それだからこそ、どうか心の安堵を皆に与えたいといったような祈りが強く感じられます。
と言っても、途中、ドキュメンタリータッチで描かれる、観覧車事故の現実はかなり厳しいものでした。
各々が語り、それを周囲がじっと見詰めて聞く。そこには悲しみや苦しみが、ここまで溢れてくるくらいにあなたの中にあったのかと、茫然とさせられるくらいです。
アフタートークで少し言及されましたが、このシリーズ、すっとこの應典院という寺で公演されたのは、やはり意味合いが大きいのでしょうかね。
生まれ変わりや、疫病神がお母さんを選んで生まれてくる設定とか。

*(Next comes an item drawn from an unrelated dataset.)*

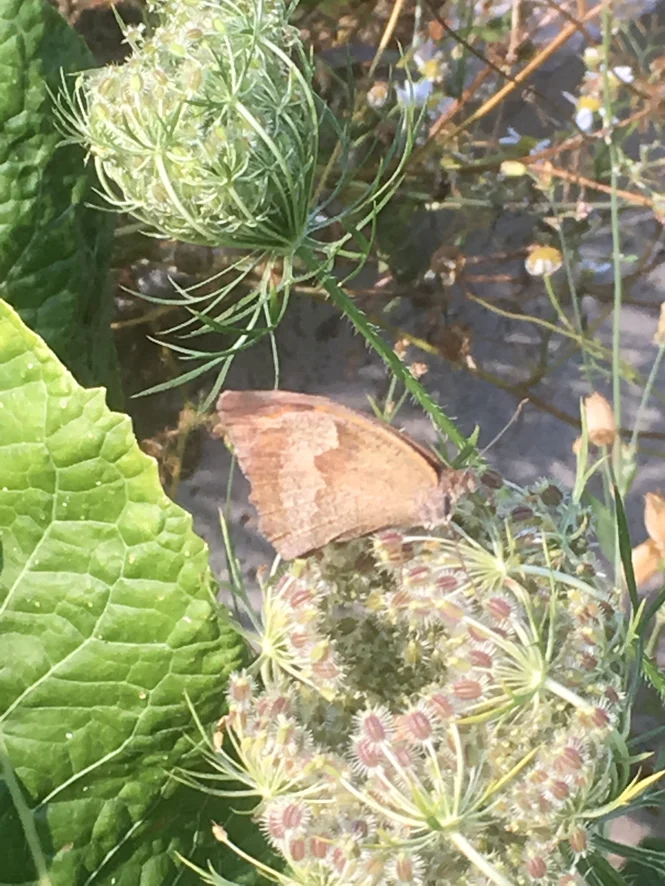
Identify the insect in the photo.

この時に、既に自分の人生も決まっているようで、このあたりの考えは少し仏教的な要素が強いような気がします。
失った人も自分のことを想い続けてくれている。その中で、新たに生まれ変わろうとしている。未来は暗闇。でも、それを照らす光はあるし、その不安な自分の手に差しのべてくれる手もある。
総じて、心が穏やかになって安堵を得ます。
たまに生きていることに不安になったり、悪いことをしているように感じたりする時があります。特に誰かの死と対面したりした時に。
こんな時に、ふと、このシリーズの作品を思い出すと、その温かみに優しい気持ちを取り戻して、自分の周囲の人への想いや、別れることになった人への想いも浮かんできて、生まれてきたこと、生きること、そしていつか死が迎えに来ることへの愛おしさを感じることが出来るような気がします。